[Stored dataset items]
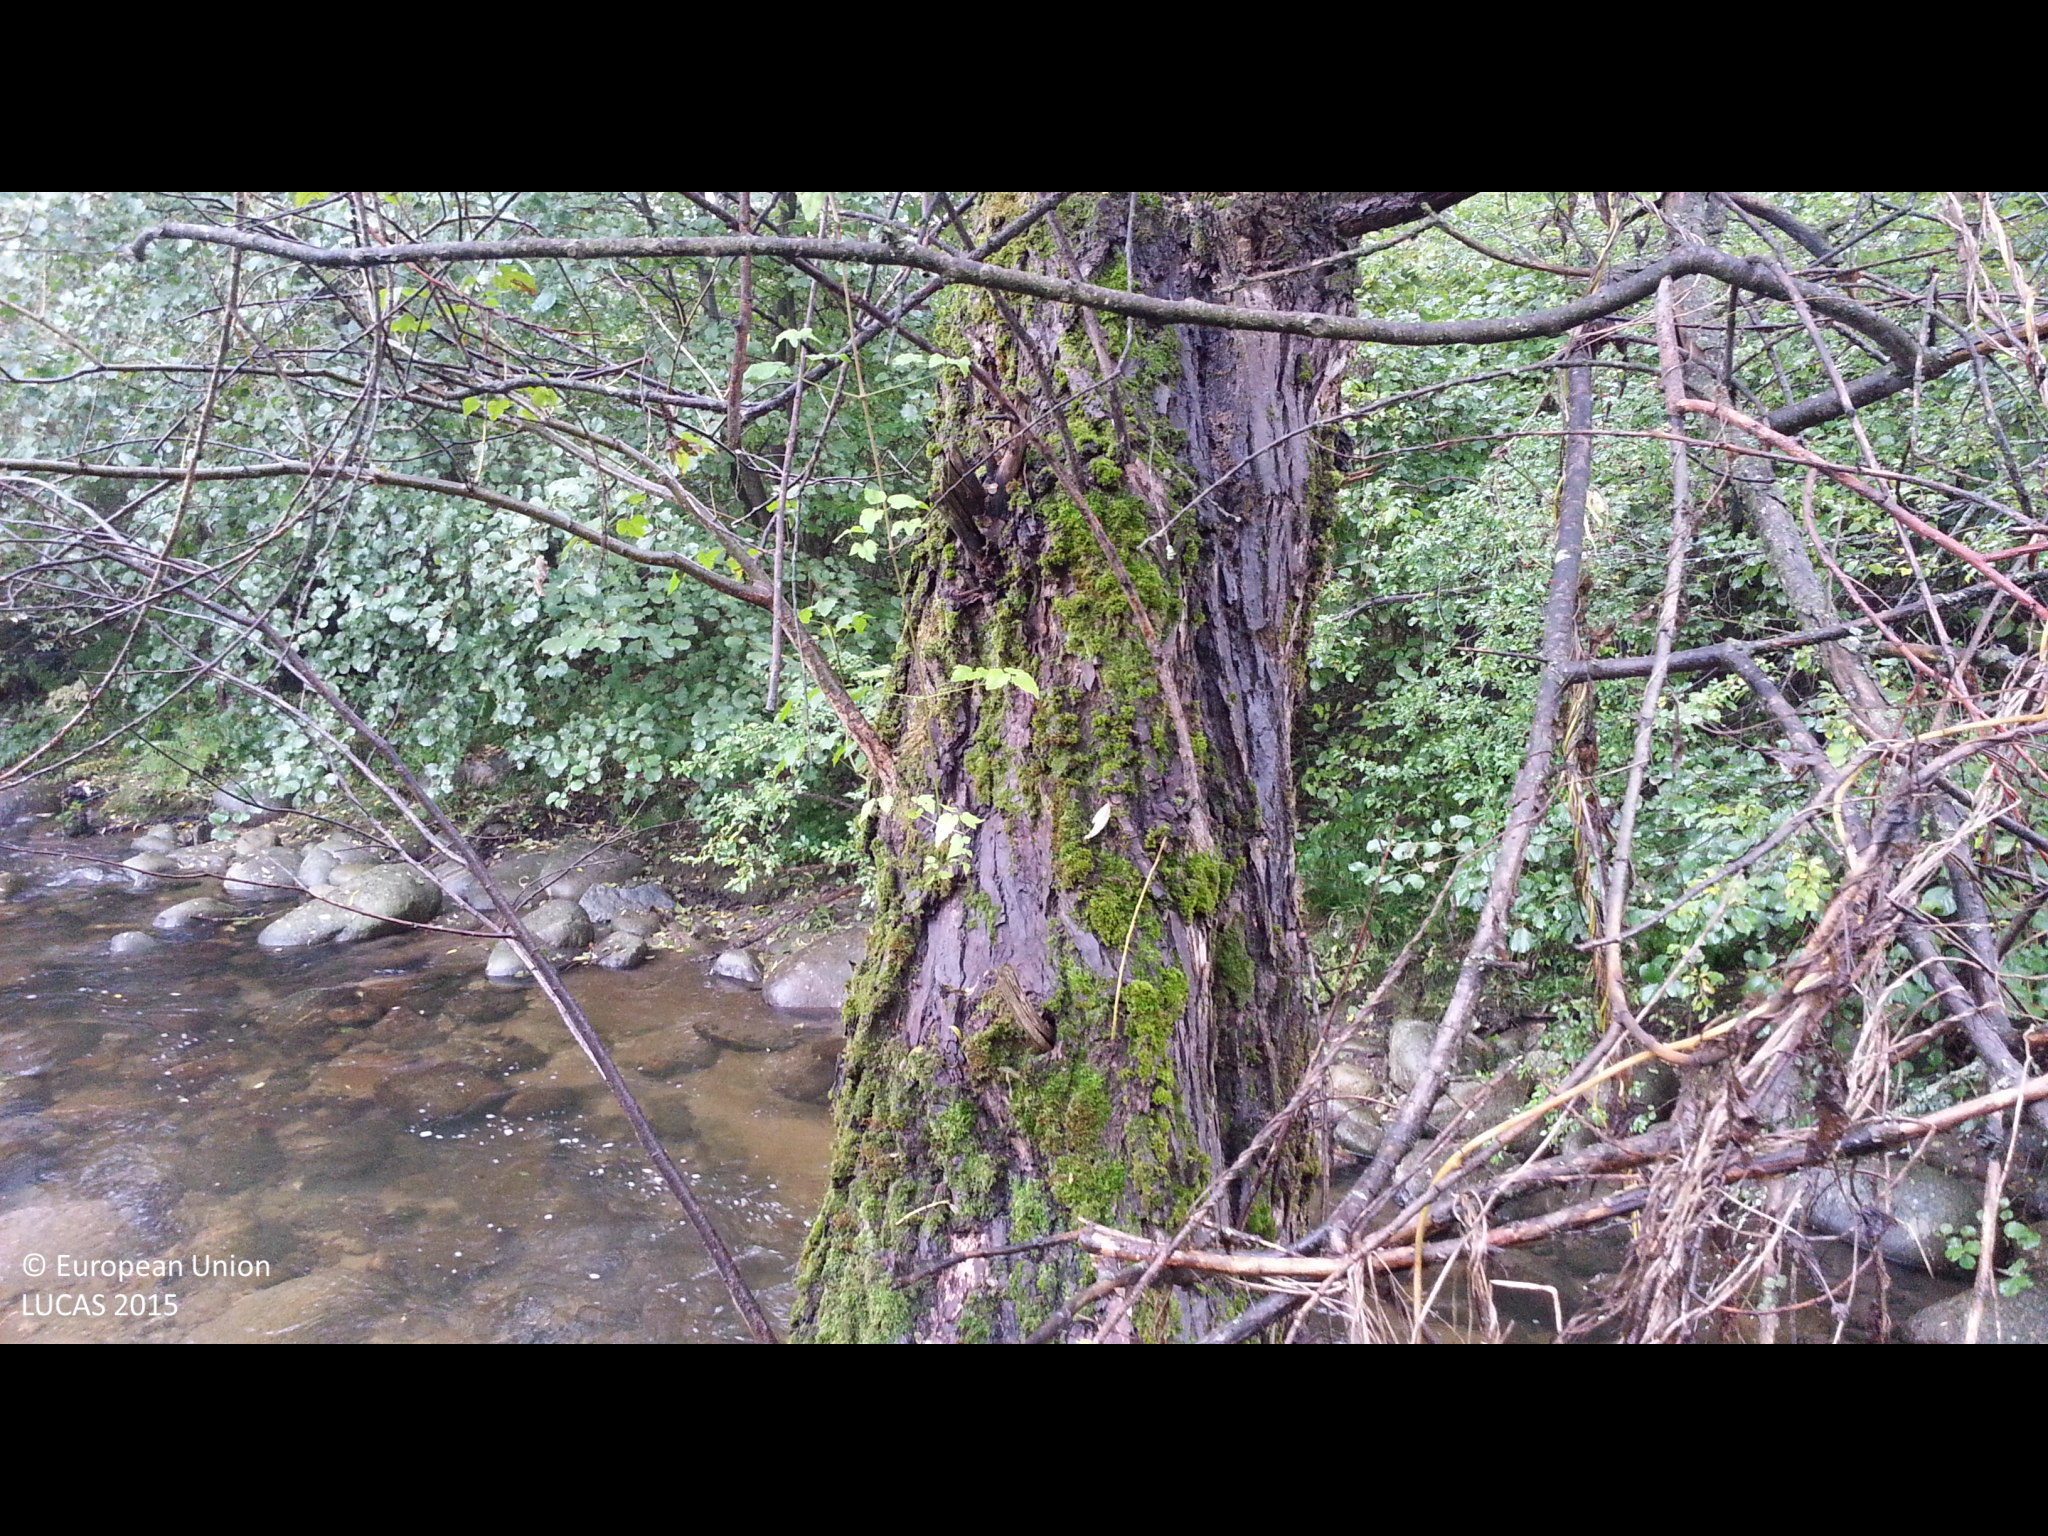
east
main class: Shrubland
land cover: Shrubland with sparse tree cover
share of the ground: > 75 %
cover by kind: shrubs 80 %, herbaceous plants 15 %, broadleaved forest trees 5 %
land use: Semi-natural and natural areas not in use
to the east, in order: Shrubland with sparse tree cover; Rivers and streams; Broadleaved woodland; Grassland with sparse tree/shrub cover; Broadleaved woodland; Grassland with sparse tree/shrub cover; Broadleaved woodland; Grass margins; Tracks; Grass margins; Arable land (only in case pi)
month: October
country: BG
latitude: 42.3025
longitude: 23.7069
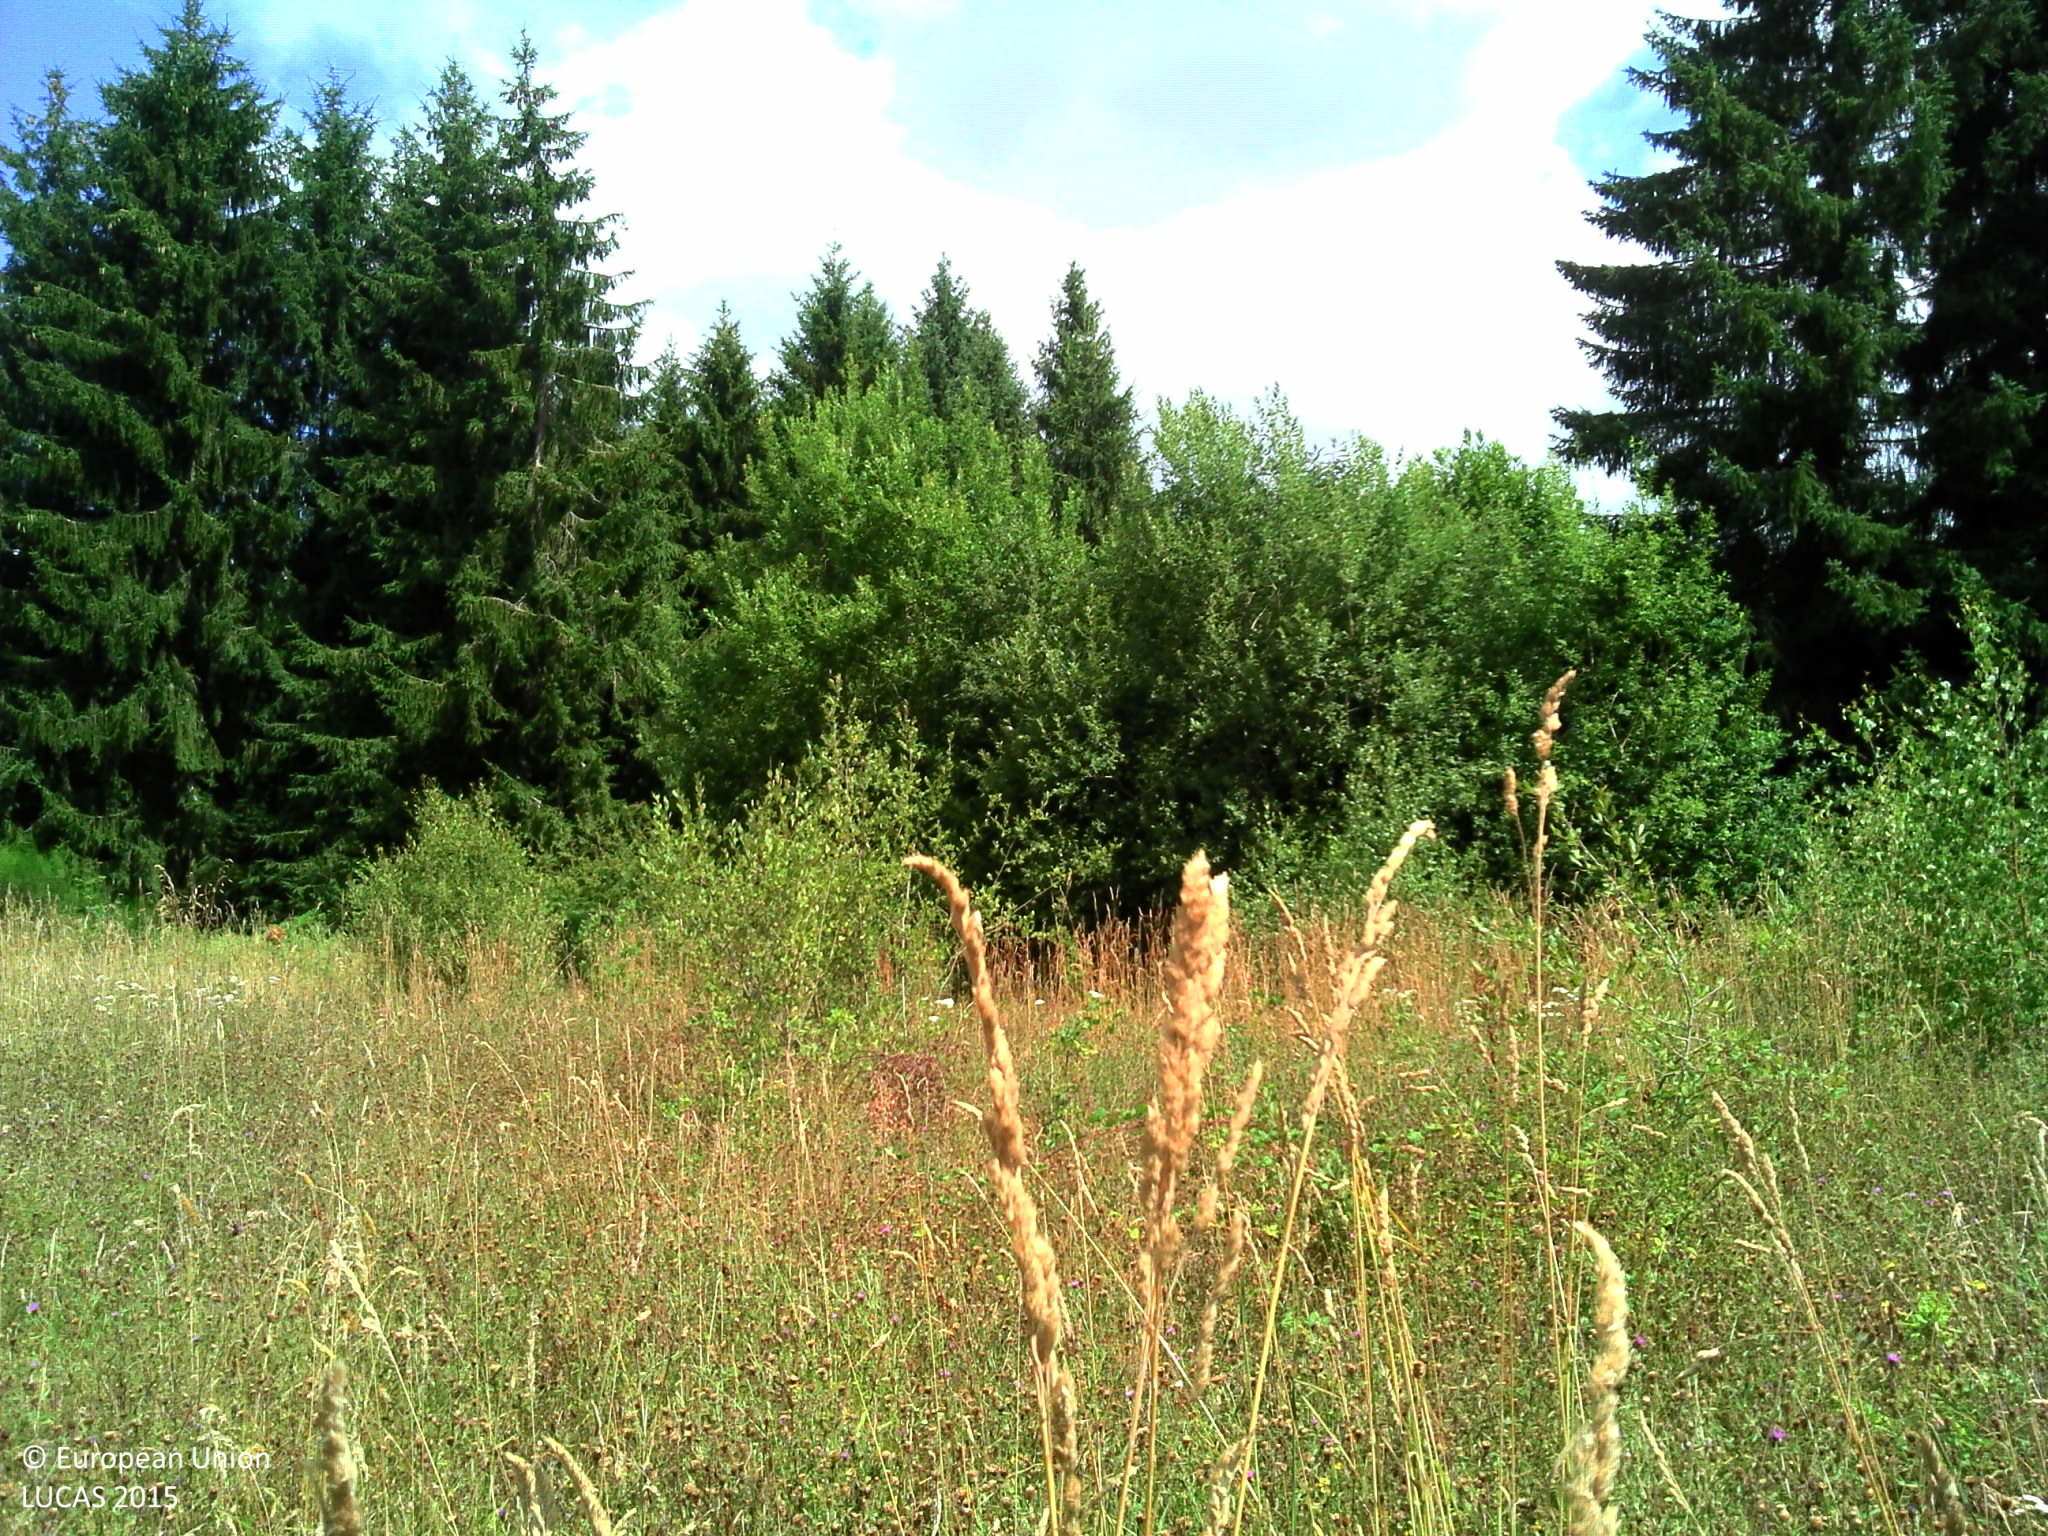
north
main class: Grassland
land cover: Spontaneously vegetated surfaces
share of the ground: > 75 %
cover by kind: herbaceous plants 95 %
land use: Agriculture (excluding fallow land and kitchen gardens)
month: July
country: FR
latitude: 45.6154
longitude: 1.0780
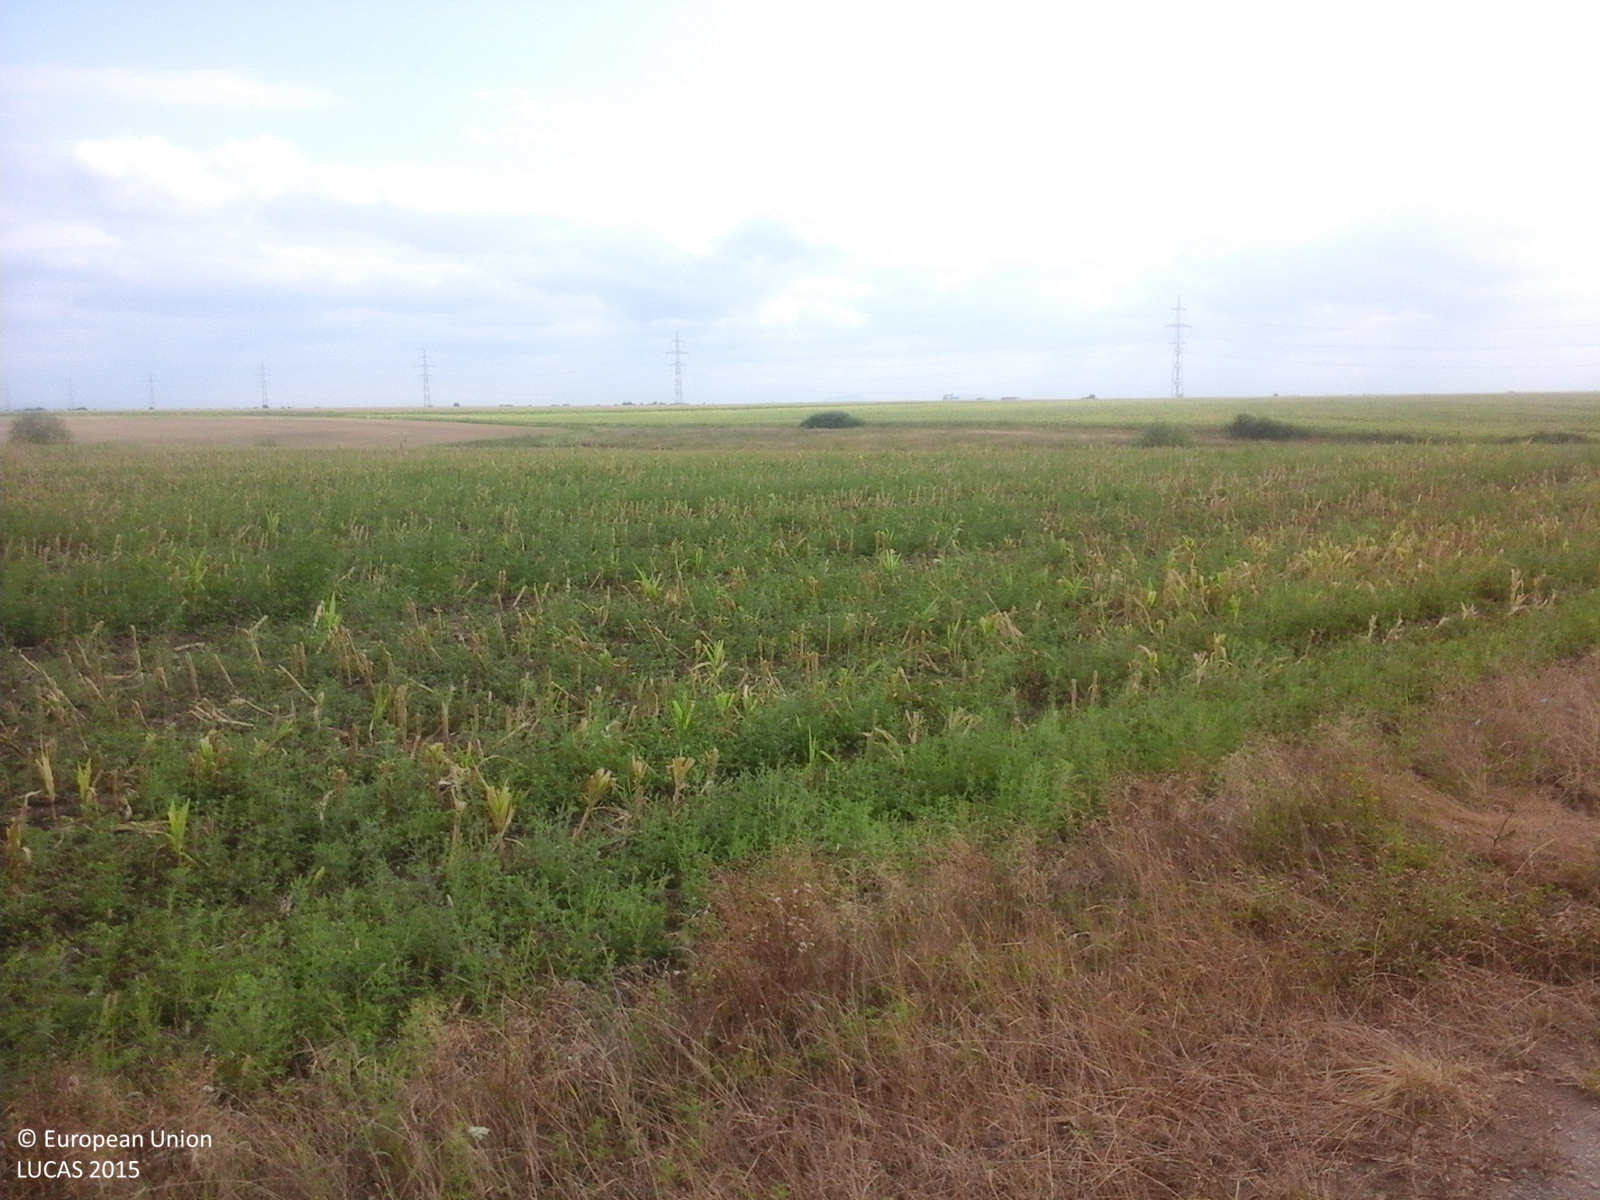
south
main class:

▶ _Instructions to follow_
Take the line containing "longitude: 23.7069" and every line after it up to the end of the data, and write them out exactly, without the pictures.

▶ _Output_
longitude: 23.7069
north
main class: Grassland
land cover: Spontaneously vegetated surfaces
share of the ground: > 75 %
cover by kind: herbaceous plants 95 %
land use: Agriculture (excluding fallow land and kitchen gardens)
month: July
country: FR
latitude: 45.6154
longitude: 1.0780
south
main class:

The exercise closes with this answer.